11. A method for treating a burn in a subject comprising administering a composition comprising selegiline and / or desmethylselegiline to said subject for a time sufficient to promote epithelialization of said burn.
12. The method of claim 1, wherein said composition is a topical composition comprising selegiline at a concentration of between 1 x 1 0"1 1 mol / liter and 1 x 1 0" 3 mol / liter.
13. The method of claim 1, wherein said composition is a topical composition comprising desmethylselegiline at a concentration of between 1 x 1 0"1 1 mol / liter and 1 x 1 0" 3 mol / liter.
14. The method of claim 1, wherein said composition comprises desmethylselegiline in the form of its R (-) enantiomer and the S (+) enantiomer is substantially absent.
15. The method of claim 1, wherein said composition comprises desmethylselegiline in the form of its S (+) enantiomer and the R (-) enantiomer is substantially absent.
16. The method of either claim 12 or 13, wherein said topical composition is in the form of a cream.
17. 17. The method of either claim 12 or 13, wherein said topical composition is in the form of a gel.
18. The method of claim 1, wherein said composition comprises selegiline delivered by means of a patch.
19. The method of claim 1, wherein said composition comprises desmethylselegiline delivered by means of a patch.
20. 20. The 1 1 re-excitation method, wherein said composition further comprises one or more compounds selected from the group consisting of water, suspending agents, thickeners, humectants, preservatives, emollients, emulsifiers and film formers. twenty-one .

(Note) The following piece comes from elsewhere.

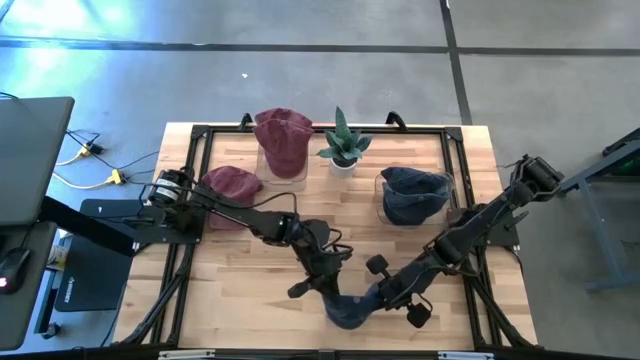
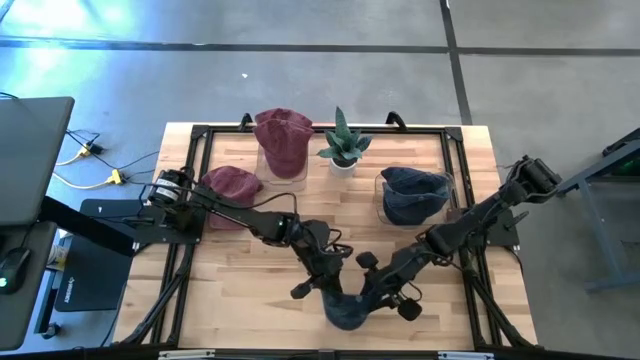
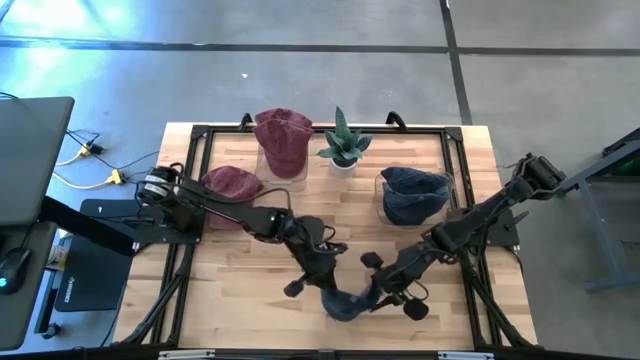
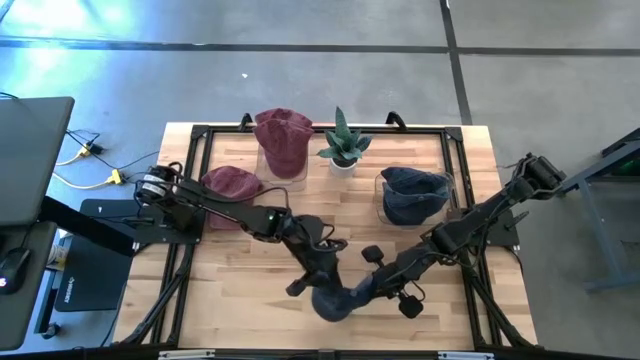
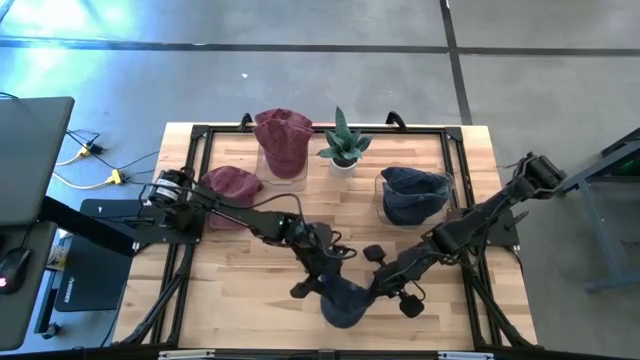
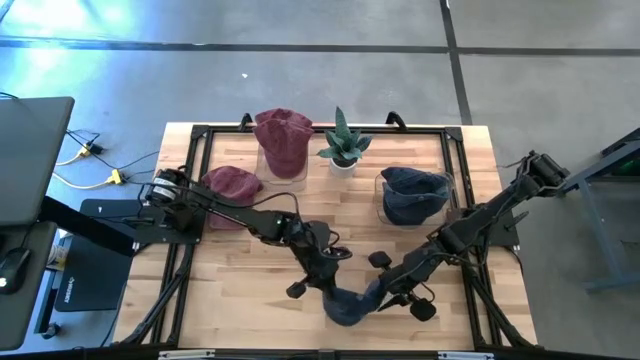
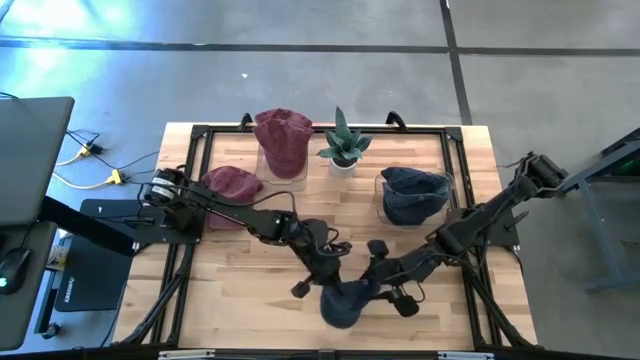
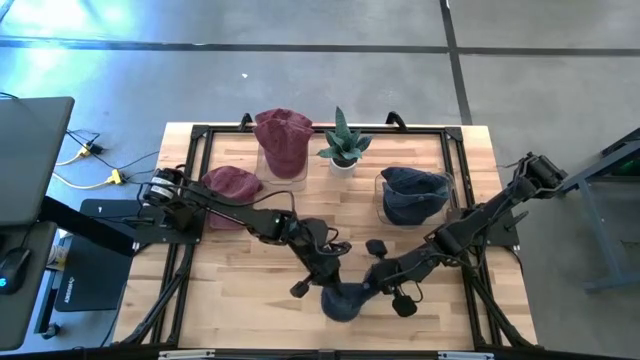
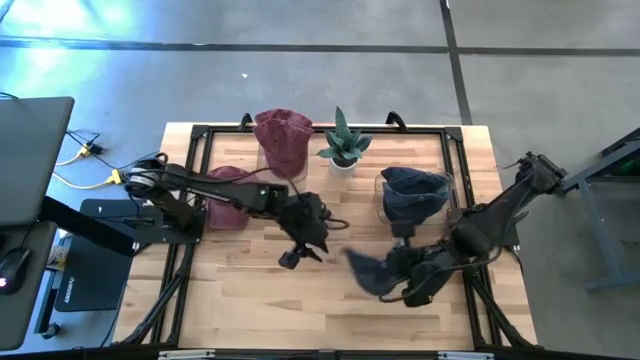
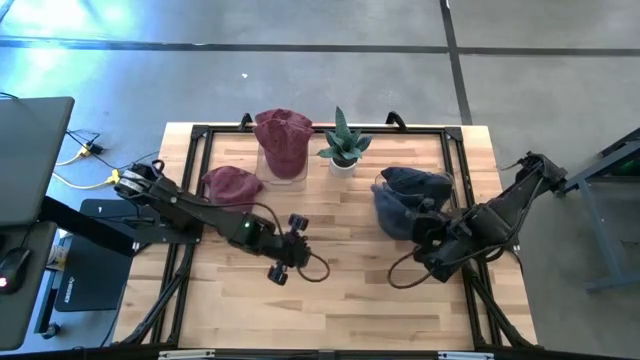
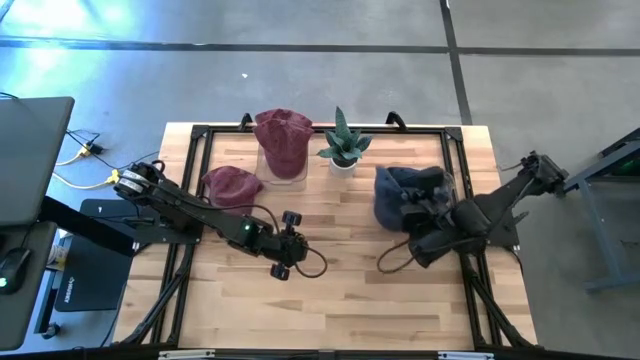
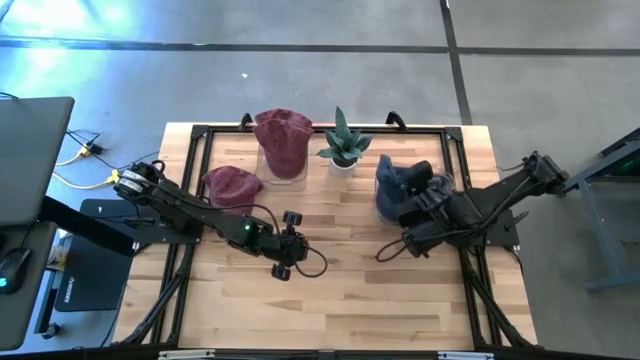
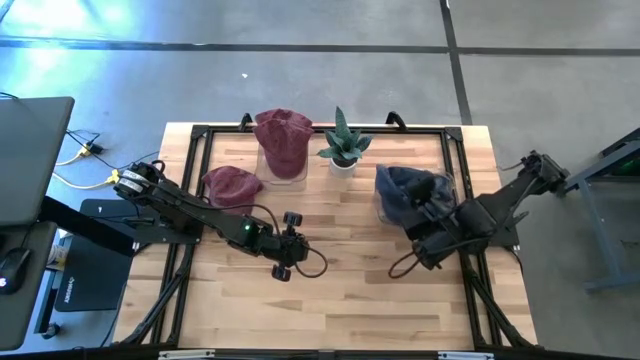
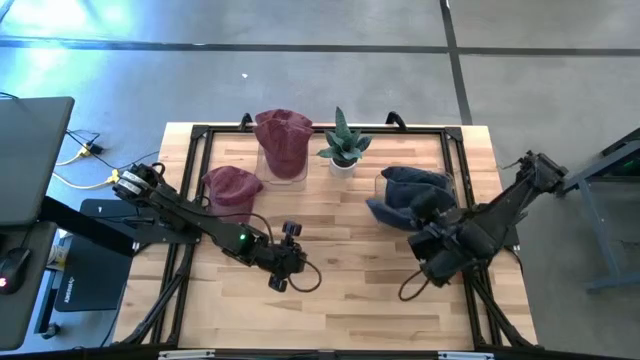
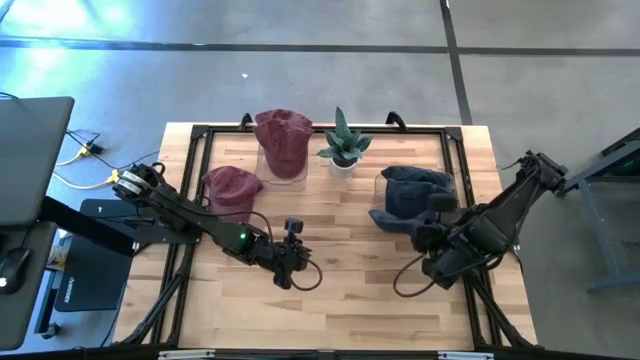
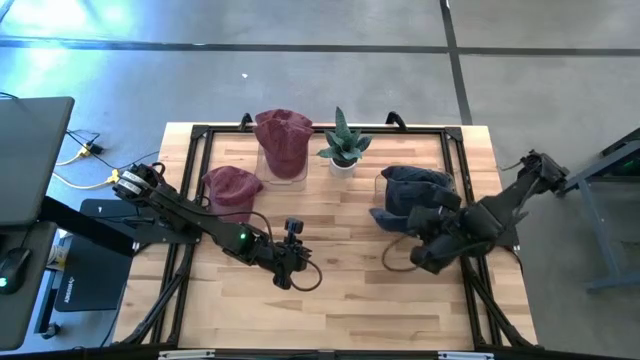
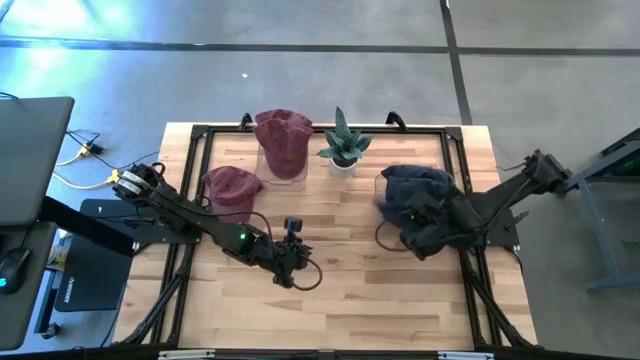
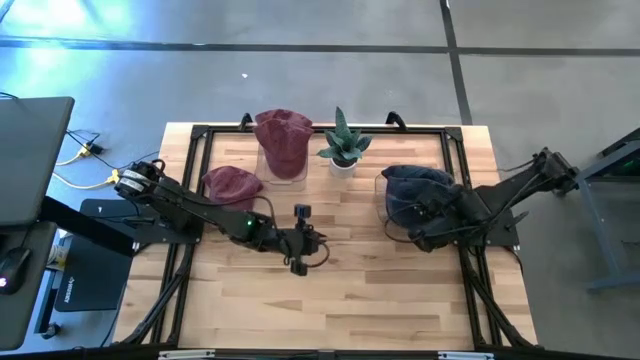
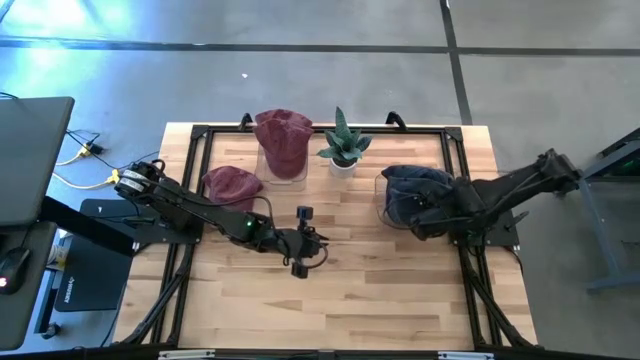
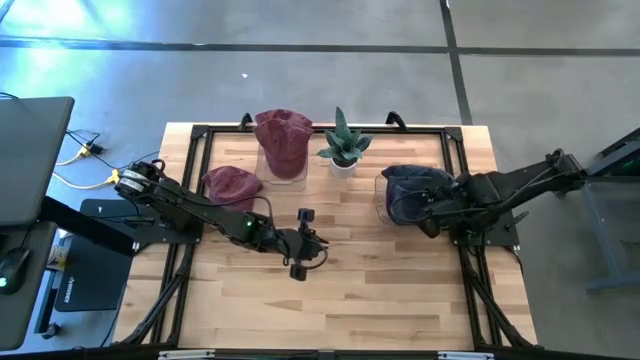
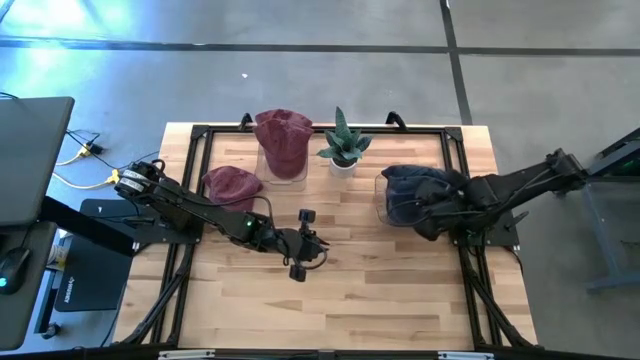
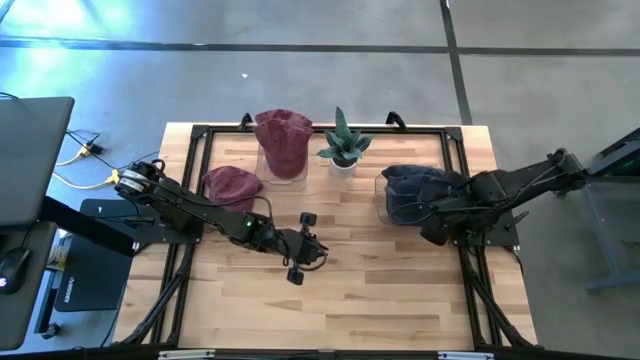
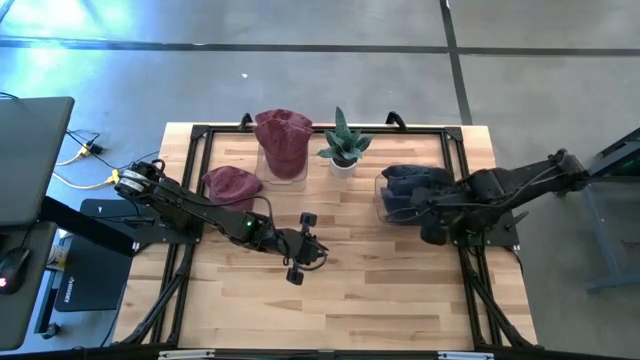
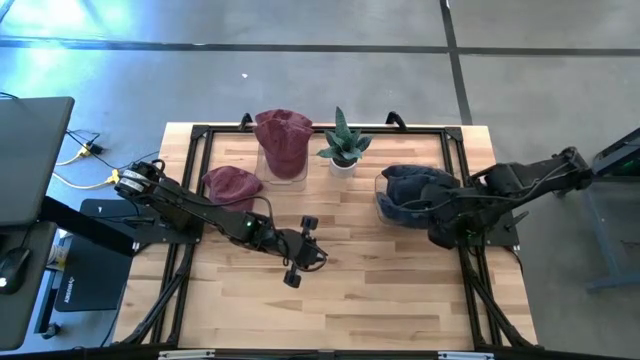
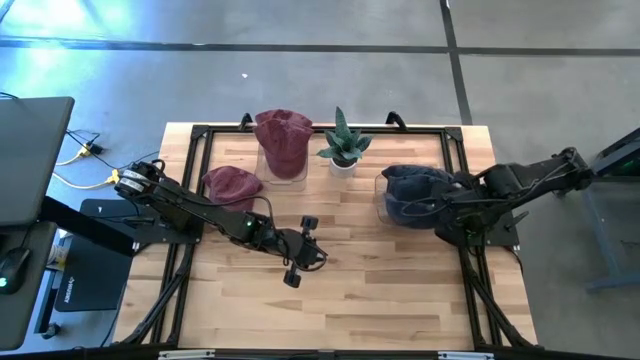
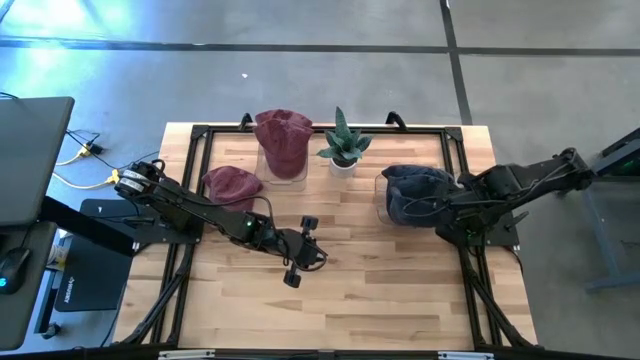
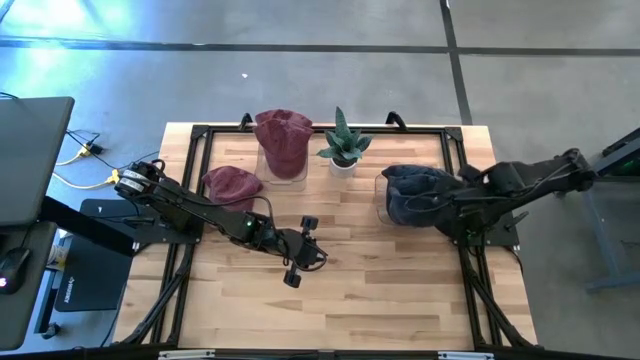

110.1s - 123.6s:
Task: Pick & Place hat
Put the blue cap into the right transparent bin

21. A method for treating a subject by photodamaged skin, comprising administering a composition comprising selegiline and / or desmethylselegiline to said subject for a sufficient time to promote healing of said photodamaged skin.
22. 22. The method of claim 21, wherein said composition is a topical composition comprising selegiline at a concentration of between 1 x 1 0 1 1 mol / liter and 1 x 1 0"3 mol / liter.
23. 23. The method of claim 21, wherein said composition is a topical composition comprising desmethylselegiline at a concentration of between 1 x 10"1 1 mole / liter and 1 x 10" 3 mole / liter.
24. The method of claim 21, wherein said composition comprises desmethylselegiline in the form of its R (-) enantiomer and the S (+) enantiomer is substantially absent.
25. 25. The method of claim 21, wherein said composition comprises desmethylselegiline in the form of its S (+) enantiomer and the R (-) enantiomer is substantially absent.
26. 26. The method of either claim 22 or 23, wherein said topical composition is in the form of a cream.
27. 27. The method of either claim 22 or 23, wherein said topical composition is in the form of a gel.
28. The method of claim 21, wherein said composition comprises selegiline delivered by means of a patch.
29. 29. The method of claim 21, wherein said composition comprises desmethylselegiline delivered by means of a patch. The method of claim 21, wherein said composition further comprises a diluent or carrier, comprising one or more compounds selected from the group consisting of water, suspending agents, thickeners, humectants, preservatives, emollients, emulsifiers and film formers. icle SUMMARY The present invention is directed to methods that can be used in the treatment of wounds, burns and photodamaged skin. The methods can be used for both humans and animals, and involve the administration of compositions containing selegiline and / or desmethylseleglycine.